= REQUIRED ACTION =
Records appear below. Give all of them again, exactly.

::: DATA IN THIS EXERCISE

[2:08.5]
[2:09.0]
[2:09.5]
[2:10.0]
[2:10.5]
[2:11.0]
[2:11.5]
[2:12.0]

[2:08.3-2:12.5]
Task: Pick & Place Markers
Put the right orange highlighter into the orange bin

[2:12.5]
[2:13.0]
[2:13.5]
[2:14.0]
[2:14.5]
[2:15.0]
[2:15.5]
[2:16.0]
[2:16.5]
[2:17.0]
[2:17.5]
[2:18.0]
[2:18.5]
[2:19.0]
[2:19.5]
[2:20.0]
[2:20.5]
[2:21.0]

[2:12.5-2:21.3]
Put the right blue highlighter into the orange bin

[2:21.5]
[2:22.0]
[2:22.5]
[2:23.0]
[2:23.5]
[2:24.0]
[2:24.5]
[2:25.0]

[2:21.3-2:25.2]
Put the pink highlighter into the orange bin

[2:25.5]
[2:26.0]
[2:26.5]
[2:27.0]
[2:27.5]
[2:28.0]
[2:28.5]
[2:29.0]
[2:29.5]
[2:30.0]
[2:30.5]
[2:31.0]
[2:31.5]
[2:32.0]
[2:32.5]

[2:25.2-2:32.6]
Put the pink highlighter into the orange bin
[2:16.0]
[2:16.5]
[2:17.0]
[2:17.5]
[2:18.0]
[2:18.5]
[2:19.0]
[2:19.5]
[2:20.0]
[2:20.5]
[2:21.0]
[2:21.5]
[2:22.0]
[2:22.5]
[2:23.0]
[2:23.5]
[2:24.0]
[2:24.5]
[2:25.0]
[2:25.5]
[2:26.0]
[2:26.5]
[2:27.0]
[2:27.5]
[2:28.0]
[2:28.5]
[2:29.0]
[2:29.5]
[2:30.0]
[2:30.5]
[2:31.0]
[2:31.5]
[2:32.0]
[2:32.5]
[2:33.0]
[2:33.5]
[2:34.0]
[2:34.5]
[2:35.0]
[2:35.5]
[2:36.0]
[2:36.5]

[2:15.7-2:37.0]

::::::

= ANSWER =
[2:08.5]
[2:09.0]
[2:09.5]
[2:10.0]
[2:10.5]
[2:11.0]
[2:11.5]
[2:12.0]

[2:08.3-2:12.5]
Task: Pick & Place Markers
Put the right orange highlighter into the orange bin

[2:12.5]
[2:13.0]
[2:13.5]
[2:14.0]
[2:14.5]
[2:15.0]
[2:15.5]
[2:16.0]
[2:16.5]
[2:17.0]
[2:17.5]
[2:18.0]
[2:18.5]
[2:19.0]
[2:19.5]
[2:20.0]
[2:20.5]
[2:21.0]

[2:12.5-2:21.3]
Put the right blue highlighter into the orange bin

[2:21.5]
[2:22.0]
[2:22.5]
[2:23.0]
[2:23.5]
[2:24.0]
[2:24.5]
[2:25.0]

[2:21.3-2:25.2]
Put the pink highlighter into the orange bin

[2:25.5]
[2:26.0]
[2:26.5]
[2:27.0]
[2:27.5]
[2:28.0]
[2:28.5]
[2:29.0]
[2:29.5]
[2:30.0]
[2:30.5]
[2:31.0]
[2:31.5]
[2:32.0]
[2:32.5]

[2:25.2-2:32.6]
Put the pink highlighter into the orange bin
[2:16.0]
[2:16.5]
[2:17.0]
[2:17.5]
[2:18.0]
[2:18.5]
[2:19.0]
[2:19.5]
[2:20.0]
[2:20.5]
[2:21.0]
[2:21.5]
[2:22.0]
[2:22.5]
[2:23.0]
[2:23.5]
[2:24.0]
[2:24.5]
[2:25.0]
[2:25.5]
[2:26.0]
[2:26.5]
[2:27.0]
[2:27.5]
[2:28.0]
[2:28.5]
[2:29.0]
[2:29.5]
[2:30.0]
[2:30.5]
[2:31.0]
[2:31.5]
[2:32.0]
[2:32.5]
[2:33.0]
[2:33.5]
[2:34.0]
[2:34.5]
[2:35.0]
[2:35.5]
[2:36.0]
[2:36.5]

[2:15.7-2:37.0]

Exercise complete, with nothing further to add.